§ **Description of the task**
Could you repeat every entry below word for word, leaving out the pictures?

BEGIN

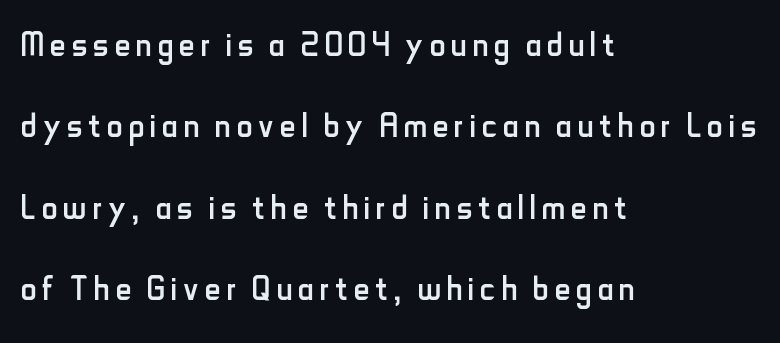
{"serif": "no", "italic": "no", "bold": "no", "weight": "regular", "width": "condensed", "stroke_contrast": "low", "x_height": "small", "monospaced": "no", "underline": "no", "align": "left", "line_spacing_ratio": 1.85, "glyph_px": 44}
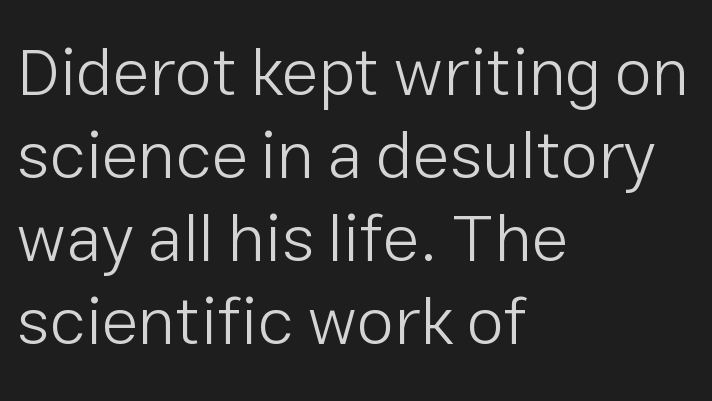
Q: Is the text bold? A: No.
Q: Is the text italic (slanted)? A: No, it is upright.
Q: Is the typeface a serif or a sans-serif typeface? A: Sans-serif.
Q: Is the text underlined? A: No.
Q: How is the paragraph aligned? A: Left-aligned.
Q: Is the spacing between letters normal or unusually wide? A: Normal.
Q: Width (condensed, normal, or wide)? A: Normal.
Q: Stroke contrast? A: Low.
Q: x-height? A: Medium.
Q: Monospaced? A: No.
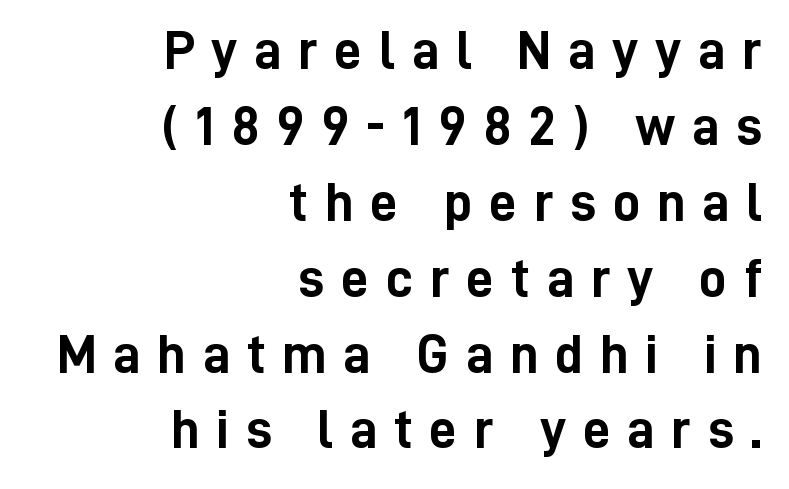
{"serif": "no", "italic": "no", "bold": "yes", "weight": "semibold", "width": "condensed", "stroke_contrast": "low", "x_height": "medium", "monospaced": "no", "underline": "no", "align": "right", "line_spacing": "normal", "line_spacing_ratio": 1.38, "letter_spacing": "wide", "letter_spacing_em": 0.3, "glyph_px": 55}
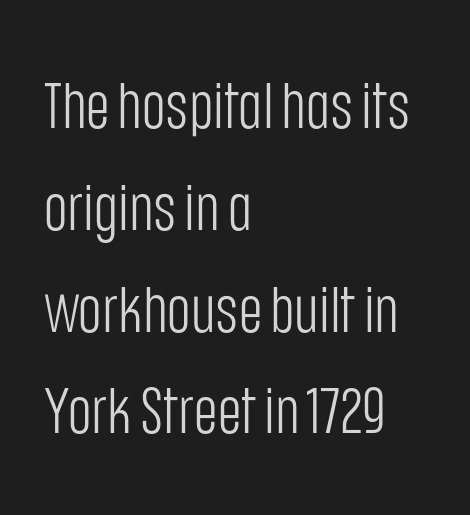
Q: Is the text bold? A: No.
Q: Is the text italic (slanted)? A: No, it is upright.
Q: Is the typeface a serif or a sans-serif typeface? A: Sans-serif.
Q: Is the text underlined? A: No.
Q: How is the paragraph aligned? A: Left-aligned.
Q: Is the spacing between letters normal or unusually wide? A: Normal.
Q: Is the spacing between lines tight, normal or loose? A: Normal.
Q: Width (condensed, normal, or wide)? A: Condensed.
Q: Stroke contrast? A: Low.
Q: x-height? A: Large.
Q: Monospaced? A: No.
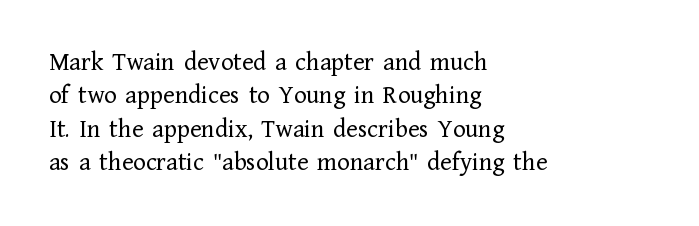
The image shows 26 px text type, upright; set left-aligned, normal line spacing (1.28x), normal letter spacing, not underlined.
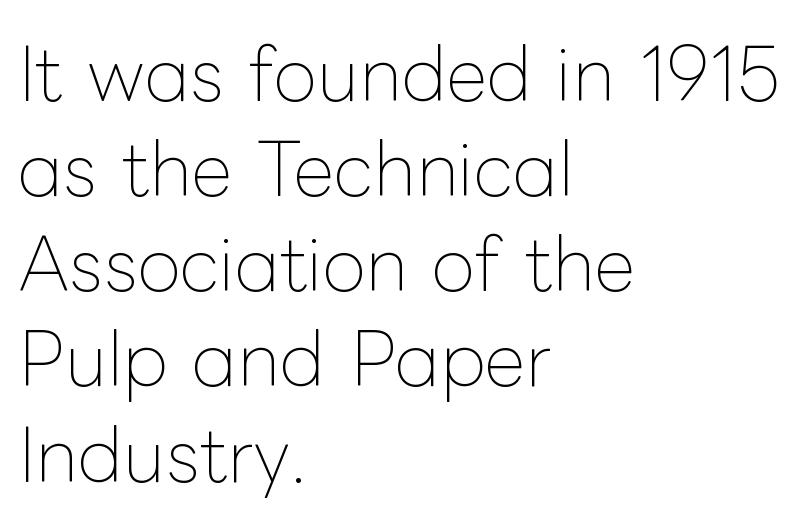
Q: Is the text bold? A: No.
Q: Is the text italic (slanted)? A: No, it is upright.
Q: Is the text underlined? A: No.
Q: How is the paragraph aligned? A: Left-aligned.
Q: Is the spacing between letters normal or unusually wide? A: Normal.
Q: Is the spacing between lines tight, normal or loose? A: Normal.
Q: Width (condensed, normal, or wide)? A: Normal.
Q: Stroke contrast? A: Low.
Q: x-height? A: Medium.
Q: Monospaced? A: No.
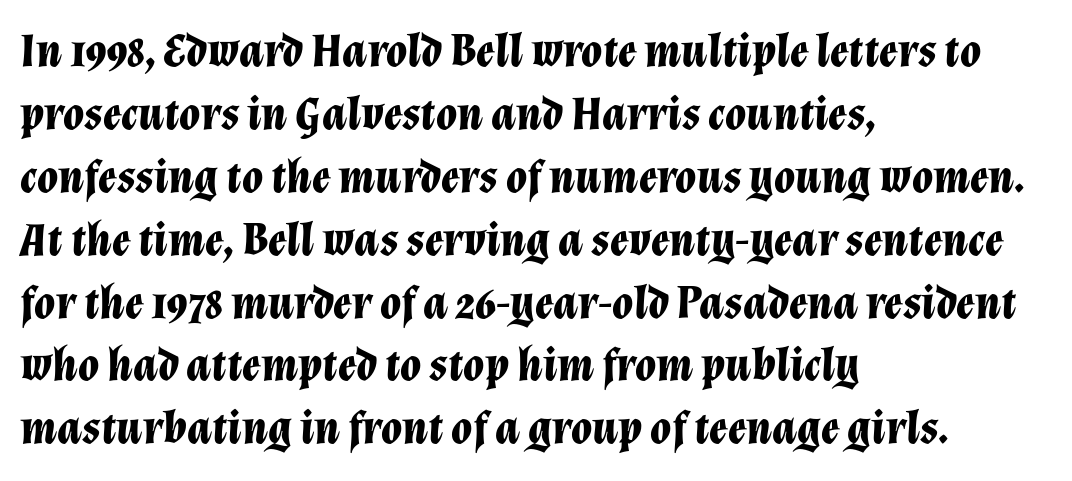
Q: Is the text bold? A: Yes.
Q: Is the text italic (slanted)? A: Yes, it leans right by about 12 degrees.
Q: Is the text underlined? A: No.
Q: How is the paragraph aligned? A: Left-aligned.
Q: Is the spacing between letters normal or unusually wide? A: Normal.
Q: Is the spacing between lines tight, normal or loose? A: Normal.
Q: Width (condensed, normal, or wide)? A: Normal.
Q: Stroke contrast? A: Low.
Q: x-height? A: Medium.
Q: Monospaced? A: No.
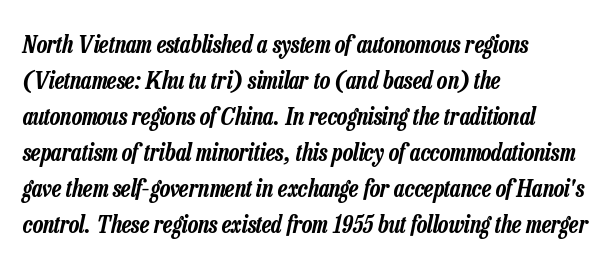
Regular leading. Left-aligned paragraph, ragged on the right. Rendered with sloped, italic letterforms. The gap between lines stays unmarked. What stands out about the letter spacing? Nothing — it is the standard amount.
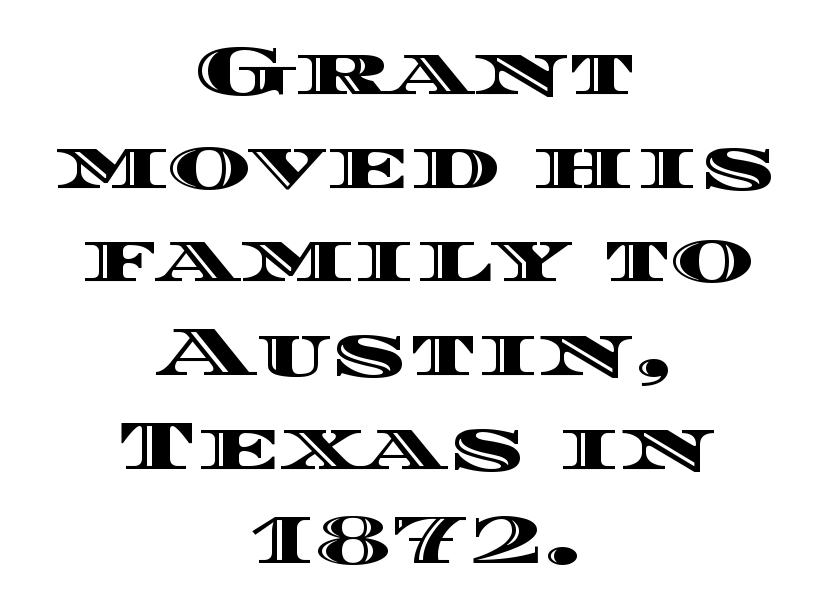
{"italic": "no", "width": "wide", "x_height": "large", "monospaced": "no", "underline": "no", "align": "center", "line_spacing": "normal", "line_spacing_ratio": 1.32, "letter_spacing": "normal", "letter_spacing_em": 0.0, "glyph_px": 71}
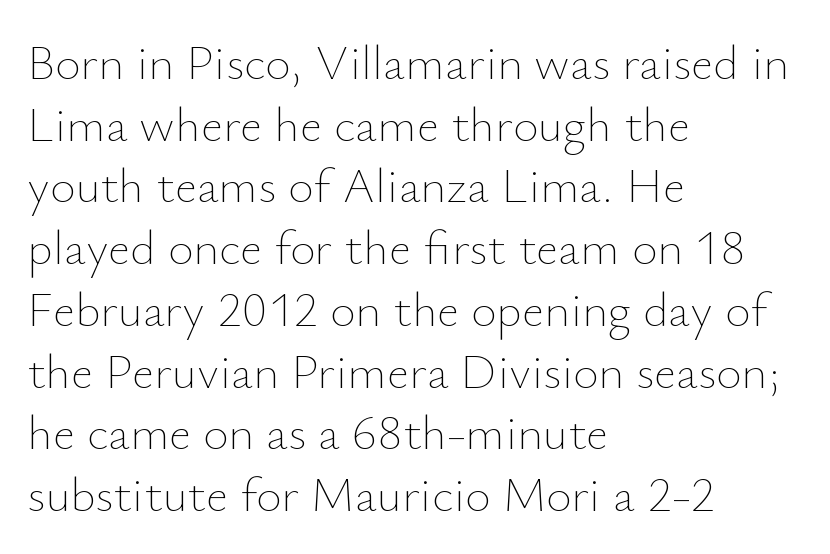
The image shows 49 px thin type, upright; set left-aligned, normal line spacing (1.26x), normal letter spacing, not underlined; low stroke contrast and a small x-height.
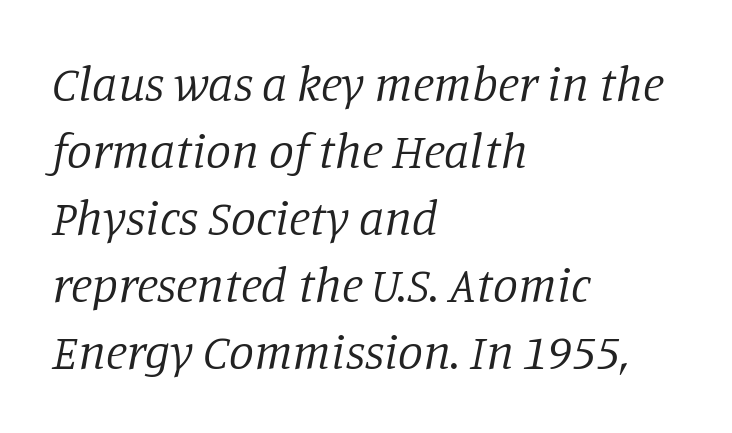
{"serif": "yes", "italic": "yes", "lean": "right", "slant_degrees": 11, "bold": "no", "weight": "regular", "width": "normal", "stroke_contrast": "low", "x_height": "large", "monospaced": "no", "underline": "no", "align": "left", "line_spacing": "normal", "line_spacing_ratio": 1.34, "letter_spacing": "normal", "letter_spacing_em": 0.0, "glyph_px": 50}
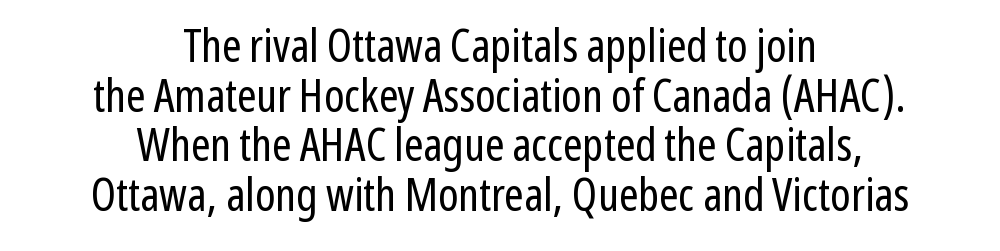
It's the straight-up-and-down kind of type. Compared with a flush-left layout, this one balances lines on the center instead. This is not heavy type; no bold has been used. Regarding leading, the lines here are crowded together. A typesetter would call this zero additional tracking.
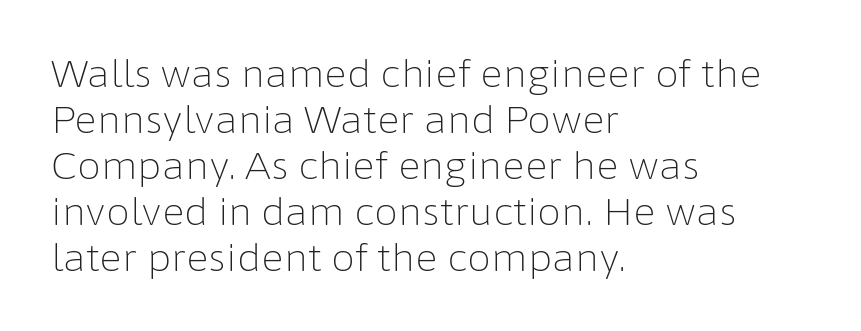
The image shows 38 px light sans-serif type, upright; set left-aligned, line spacing 1.21x, normal letter spacing, not underlined; low stroke contrast and a medium x-height.

END

§ **Answer below**
{"serif": "no", "italic": "no", "bold": "no", "weight": "regular", "width": "condensed", "stroke_contrast": "low", "x_height": "small", "monospaced": "no", "underline": "no", "align": "left", "line_spacing_ratio": 1.85, "glyph_px": 44}
Q: Is the text bold? A: No.
Q: Is the text italic (slanted)? A: No, it is upright.
Q: Is the typeface a serif or a sans-serif typeface? A: Sans-serif.
Q: Is the text underlined? A: No.
Q: How is the paragraph aligned? A: Left-aligned.
Q: Is the spacing between letters normal or unusually wide? A: Normal.
Q: Width (condensed, normal, or wide)? A: Normal.
Q: Stroke contrast? A: Low.
Q: x-height? A: Medium.
Q: Monospaced? A: No.
{"serif": "no", "italic": "no", "bold": "yes", "weight": "semibold", "width": "condensed", "stroke_contrast": "low", "x_height": "medium", "monospaced": "no", "underline": "no", "align": "right", "line_spacing": "normal", "line_spacing_ratio": 1.38, "letter_spacing": "wide", "letter_spacing_em": 0.3, "glyph_px": 55}
Q: Is the text bold? A: No.
Q: Is the text italic (slanted)? A: No, it is upright.
Q: Is the typeface a serif or a sans-serif typeface? A: Sans-serif.
Q: Is the text underlined? A: No.
Q: How is the paragraph aligned? A: Left-aligned.
Q: Is the spacing between letters normal or unusually wide? A: Normal.
Q: Is the spacing between lines tight, normal or loose? A: Normal.
Q: Width (condensed, normal, or wide)? A: Condensed.
Q: Stroke contrast? A: Low.
Q: x-height? A: Large.
Q: Monospaced? A: No.
The image shows 26 px text type, upright; set left-aligned, normal line spacing (1.28x), normal letter spacing, not underlined.
Q: Is the text bold? A: No.
Q: Is the text italic (slanted)? A: No, it is upright.
Q: Is the text underlined? A: No.
Q: How is the paragraph aligned? A: Left-aligned.
Q: Is the spacing between letters normal or unusually wide? A: Normal.
Q: Is the spacing between lines tight, normal or loose? A: Normal.
Q: Width (condensed, normal, or wide)? A: Normal.
Q: Stroke contrast? A: Low.
Q: x-height? A: Medium.
Q: Monospaced? A: No.
Q: Is the text bold? A: Yes.
Q: Is the text italic (slanted)? A: Yes, it leans right by about 12 degrees.
Q: Is the text underlined? A: No.
Q: How is the paragraph aligned? A: Left-aligned.
Q: Is the spacing between letters normal or unusually wide? A: Normal.
Q: Is the spacing between lines tight, normal or loose? A: Normal.
Q: Width (condensed, normal, or wide)? A: Normal.
Q: Stroke contrast? A: Low.
Q: x-height? A: Medium.
Q: Monospaced? A: No.
Regular leading. Left-aligned paragraph, ragged on the right. Rendered with sloped, italic letterforms. The gap between lines stays unmarked. What stands out about the letter spacing? Nothing — it is the standard amount.
{"italic": "no", "width": "wide", "x_height": "large", "monospaced": "no", "underline": "no", "align": "center", "line_spacing": "normal", "line_spacing_ratio": 1.32, "letter_spacing": "normal", "letter_spacing_em": 0.0, "glyph_px": 71}
The image shows 49 px thin type, upright; set left-aligned, normal line spacing (1.26x), normal letter spacing, not underlined; low stroke contrast and a small x-height.
{"serif": "yes", "italic": "yes", "lean": "right", "slant_degrees": 11, "bold": "no", "weight": "regular", "width": "normal", "stroke_contrast": "low", "x_height": "large", "monospaced": "no", "underline": "no", "align": "left", "line_spacing": "normal", "line_spacing_ratio": 1.34, "letter_spacing": "normal", "letter_spacing_em": 0.0, "glyph_px": 50}
It's the straight-up-and-down kind of type. Compared with a flush-left layout, this one balances lines on the center instead. This is not heavy type; no bold has been used. Regarding leading, the lines here are crowded together. A typesetter would call this zero additional tracking.
The image shows 38 px light sans-serif type, upright; set left-aligned, line spacing 1.21x, normal letter spacing, not underlined; low stroke contrast and a medium x-height.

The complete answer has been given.